# What is Data Clustering?

What is clustering? Let’s assume we have the data A to F. Are you familiar with the Euclidean Distance? You can see that A and C are closest based on Euclidean Distance. You can also see that B and E are nearest. Now, we will make a group of A and C and another group of B and E.

Have you ever watched the movie “Titanic”? It is one of the world’s most famous films with 11 Oscar awards!

The sinking of the Titanic is one of the most infamous shipwrecks in history. On April 15, 1912, Titanic sank after colliding with an iceberg. Unfortunately, there weren’t enough lifeboats for everyone on board, resulting in the death of 1502 out of 2224 passengers and crew. While there was some element of luck involved in surviving, it seems some groups of people were more likely to survive than others.

## The Data

We are going to attempt to build a predictive model that answers the question: “what sorts of people were more likely to survive?” using Titanic passenger data. Let’s take a look at the data. We have 891 data rows with the individual passenger’s information. You can have this dataset in CSV file format from our lecture and the original source.

In our dataset, we have six attributes to describe the passengers. Those are passenger class, gender, age, the number of siblings, the number of parents and children aboard, and the port of embarkation. Now, let’s assume we do not know whether they survived or not, although our dataset has the survival information.

Let me remind you about our problem. We would like to know whether we can group people based on their information. We hope those groups can be “survivor” and “non-survivor” groups. But we do not know the answer. Does this ring a bell? Yes, I am trying to set the problem for unsupervised learning. And we will use clustering to solve this problem.

## What is Data Clustering?

What is clustering? Let’s assume we have the data A to F. Are you familiar with the Euclidean Distance? You can see that A and C are closest based on Euclidean Distance. You can also see that B and E are nearest. Now, we will make a group of A and C and another group of B and E. Now let’s check D. D is closer to the group of B and E than A and C. But it is not as close to B and E as much as B and E are close to each other. So we make another layer of the group on the top of the B and E group. When we are doing that, we have to make sure one thing. Within a group, we have to make sure we only include the points with the closest distance. But at the same time, we have to make sure that the different groups maintain a far distance. This methodology is called ‘clustering’.

We used only the first 30 rows of data in our analysis. The map I am showing here is the Euclidean Distance map. We used all the six attributes and calculated the Euclidean Distances. More orange color indicates close distance and more purple to blue color indicate far distance. X and y-axis show each row in our data. That is an individual passenger. So I can see that the passenger labeled “Not1” is close to the passenger labeled “Not 8,” but it is far from the passenger labeled “Not14”.

## Hierarchical Clustering

Let’s go back to the A to F figure. B and E made a group, and then when we consider D, B, and E and D can create another layer of the group. This group will include the group of B and E. Based on Euclidean Distance, we can add the layers of groups. It is called “hierarchical clustering.”

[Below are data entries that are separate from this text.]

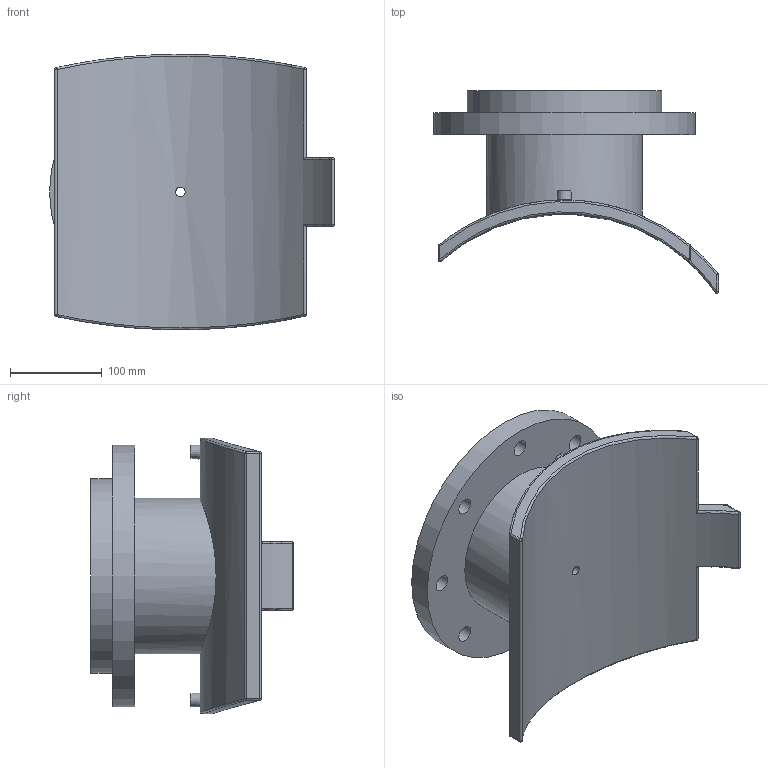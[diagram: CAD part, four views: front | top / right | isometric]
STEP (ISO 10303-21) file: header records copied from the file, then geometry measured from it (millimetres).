
FILE_DESCRIPTION(/* description */ ('PLASSON FLANGED BRANCH SADDLE 250-400X150'),/* implementation_level */ '2;1');
FILE_NAME(/* name */ '495804400125T.ipt.stp',/* time_stamp */ '2017-11-06T09:20:12+02:00',/* author */ ('KIM'),/* organization */ (''),/* preprocessor_version */ 'ST-DEVELOPER v15.6',/* originating_system */ 'Autodesk Inventor 2015',/* authorisation */ '');
FILE_SCHEMA (('AUTOMOTIVE_DESIGN { 1 0 10303 214 3 1 1 }'));
Length unit declared in the file: millimetre
Products named in the file (1): 495804400125T
Bounding box: 310.25 x 220.54 x 299.92 mm (x, y, z)
Volume: 3224741.2 mm3; surface area: 435517.5 mm2
Topology: 1 solids, 1 shells, 75 faces, 156 edges, 94 vertices
Faces by surface type: cylinder 37, plane 16, sphere 12, bspline 4, torus 4, cone 2
Full cylindrical faces by diameter (mm): 4 x2, 10 x2, 10.4 x1, 16 x1, 18 x8, 150 x1, 169.6 x1, 212 x1, 285 x1
Entity records: 2442 total; most frequent: CARTESIAN_POINT 892, DIRECTION 334, ORIENTED_EDGE 260, AXIS2_PLACEMENT_3D 152, EDGE_CURVE 130, EDGE_LOOP 124, VERTEX_POINT 88, CIRCLE 80

Let’s apply hierarchical clustering to our Titanic passenger data. Our result is here. You can see that we could have two highest level clusters. The first cluster has 12 passengers, and the second cluster has 18 passengers. The first cluster with 12 passengers will be divided into two sub-clusters with 4 and 8 passengers. It seems that the first cluster has nine passengers who could not survive out of 12 passengers. That is 75%. On the other hand, it appears that the second cluster has nine passengers who could not survive out of 18 passengers. That is 50%. Yes, we are not supposed to tell this since we assumed that we do not know the target variable. But I am pointing this out simply because I want to clarify that we cannot make the perfect clustering model, which will cut the clear groups, but we can at least tell there is more likelihood.